Mellow Editorial·5 min read

Reviewed by Mellow Editorial Team, HR & payroll content team

Using AI tools to screen CVs, rank candidates or conduct video interviews can save significant time — but in Australia those tools are subject to existing discrimination, privacy and employment laws that were written well before AI existed.

What the law already covers

Australia does not yet have AI-specific hiring legislation, but several existing frameworks apply directly.

The Fair Work Act 2009, state and federal anti-discrimination laws (including the Age Discrimination Act, Disability Discrimination Act, Racial Discrimination Act and Sex Discrimination Act), and the Privacy Act 1988 all govern how you collect information about candidates and how you make decisions about them. The fact that a decision was made or assisted by an algorithm does not create a legal exemption. If an AI tool produces an outcome that would be unlawful if a human produced it, it is still unlawful.

The Australian Human Rights Commission has flagged automated decision-making in hiring as a priority area for scrutiny. The government's 2024 voluntary AI Safety Standard also signals a clear direction of travel toward mandatory guardrails, particularly for high-stakes decisions — and hiring is explicitly treated as high-stakes.

Discrimination risk is real and specific

AI screening tools are trained on historical data. If that data reflects past hiring patterns — for example, favouring candidates from certain universities, certain suburbs, or certain demographic profiles — the model will replicate and potentially amplify those patterns.

Under Australian anti-discrimination law, both direct and indirect discrimination are prohibited. Indirect discrimination occurs when a requirement or condition that appears neutral disproportionately disadvantages a group with a protected attribute (age, race, sex, disability, pregnancy, and others). An AI tool that systematically down-ranks candidates from a particular background could constitute indirect discrimination even if the tool never asks about that characteristic explicitly.

Practical steps to reduce this risk:

- Ask your vendor to explain what training data was used and whether it was audited for bias before deployment.

- Run a sample of AI-screened outcomes against your own demographic data if you collect it, and look for unexplained patterns.

- Never make a final hiring decision based solely on an AI score. Keep a human in the loop for every shortlisting or rejection decision.

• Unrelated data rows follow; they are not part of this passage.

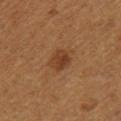The lesion was photographed on a routine skin check and not biopsied; there is no pathology result. The lesion's longest dimension is about 3 mm. From the right thigh. Imaged with cross-polarized lighting. A male patient aged 53 to 57. The total-body-photography lesion software estimated roughly 8 lightness units darker than nearby skin and a normalized border contrast of about 7.5. The software also gave a border-irregularity rating of about 1.5/10, a color-variation rating of about 2.5/10, and a peripheral color-asymmetry measure near 1. The software also gave an automated nevus-likeness rating near 80 out of 100. A 15 mm close-up extracted from a 3D total-body photography capture.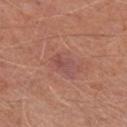The lesion was photographed on a routine skin check and not biopsied; there is no pathology result.
This is a white-light tile.
A lesion tile, about 15 mm wide, cut from a 3D total-body photograph.
A male subject, aged 63–67.
On the right lower leg.
Longest diameter approximately 2.5 mm.
The total-body-photography lesion software estimated an average lesion color of about L≈49 a*≈25 b*≈24 (CIELAB), about 6 CIELAB-L* units darker than the surrounding skin, and a normalized lesion–skin contrast near 5.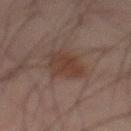<record>
  <biopsy_status>not biopsied; imaged during a skin examination</biopsy_status>
  <automated_metrics>
    <area_mm2_approx>10.0</area_mm2_approx>
    <shape_asymmetry>0.25</shape_asymmetry>
    <vs_skin_darker_L>6.0</vs_skin_darker_L>
    <vs_skin_contrast_norm>7.0</vs_skin_contrast_norm>
    <border_irregularity_0_10>2.5</border_irregularity_0_10>
    <color_variation_0_10>3.0</color_variation_0_10>
    <peripheral_color_asymmetry>1.0</peripheral_color_asymmetry>
    <nevus_likeness_0_100>75</nevus_likeness_0_100>
    <lesion_detection_confidence_0_100>100</lesion_detection_confidence_0_100>
  </automated_metrics>
  <lesion_size>
    <long_diameter_mm_approx>4.0</long_diameter_mm_approx>
  </lesion_size>
  <site>mid back</site>
  <patient>
    <sex>male</sex>
    <age_approx>65</age_approx>
  </patient>
  <image>
    <source>total-body photography crop</source>
    <field_of_view_mm>15</field_of_view_mm>
  </image>
</record>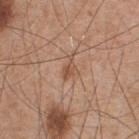follow-up: no biopsy performed (imaged during a skin exam)
size: ≈2.5 mm
illumination: white-light illumination
automated metrics: a shape eccentricity near 0.8 and a shape-asymmetry score of about 0.4 (0 = symmetric); an average lesion color of about L≈52 a*≈20 b*≈31 (CIELAB), roughly 9 lightness units darker than nearby skin, and a lesion-to-skin contrast of about 6.5 (normalized; higher = more distinct); a border-irregularity index near 4.5/10, a color-variation rating of about 2.5/10, and a peripheral color-asymmetry measure near 1; a nevus-likeness score of about 10/100
anatomic site: the chest
subject: male, roughly 55 years of age
imaging modality: ~15 mm crop, total-body skin-cancer survey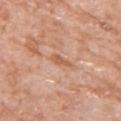The lesion was tiled from a total-body skin photograph and was not biopsied. Captured under white-light illumination. The subject is a female aged approximately 75. An algorithmic analysis of the crop reported a border-irregularity rating of about 4.5/10, a within-lesion color-variation index near 0/10, and peripheral color asymmetry of about 0. A 15 mm close-up extracted from a 3D total-body photography capture. From the upper back.

- Document your rationale for the criteria you set in the tool. If challenged, you need to be able to explain why those criteria are relevant to the role.

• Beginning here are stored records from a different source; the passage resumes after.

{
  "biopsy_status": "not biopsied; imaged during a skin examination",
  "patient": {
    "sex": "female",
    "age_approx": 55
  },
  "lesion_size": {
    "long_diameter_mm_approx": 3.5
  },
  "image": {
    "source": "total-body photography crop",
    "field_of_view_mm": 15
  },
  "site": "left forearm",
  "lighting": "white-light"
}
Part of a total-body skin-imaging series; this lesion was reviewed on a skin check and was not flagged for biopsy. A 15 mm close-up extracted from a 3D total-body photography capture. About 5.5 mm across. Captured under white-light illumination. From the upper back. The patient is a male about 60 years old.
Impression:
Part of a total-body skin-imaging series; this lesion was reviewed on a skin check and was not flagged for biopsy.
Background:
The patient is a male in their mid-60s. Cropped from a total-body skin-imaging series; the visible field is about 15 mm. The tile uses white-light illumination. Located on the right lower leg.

Privacy obligations when using AI hiring tools

The Privacy Act 1988 and the Australian Privacy Principles (APPs) apply whenever you collect personal information about candidates. Several obligations are directly relevant to AI hiring tools.

Collection notice. You must tell candidates what information you are collecting, why, and how it will be used or disclosed. If you are using a third-party AI platform that processes or stores candidate data, that needs to be disclosed.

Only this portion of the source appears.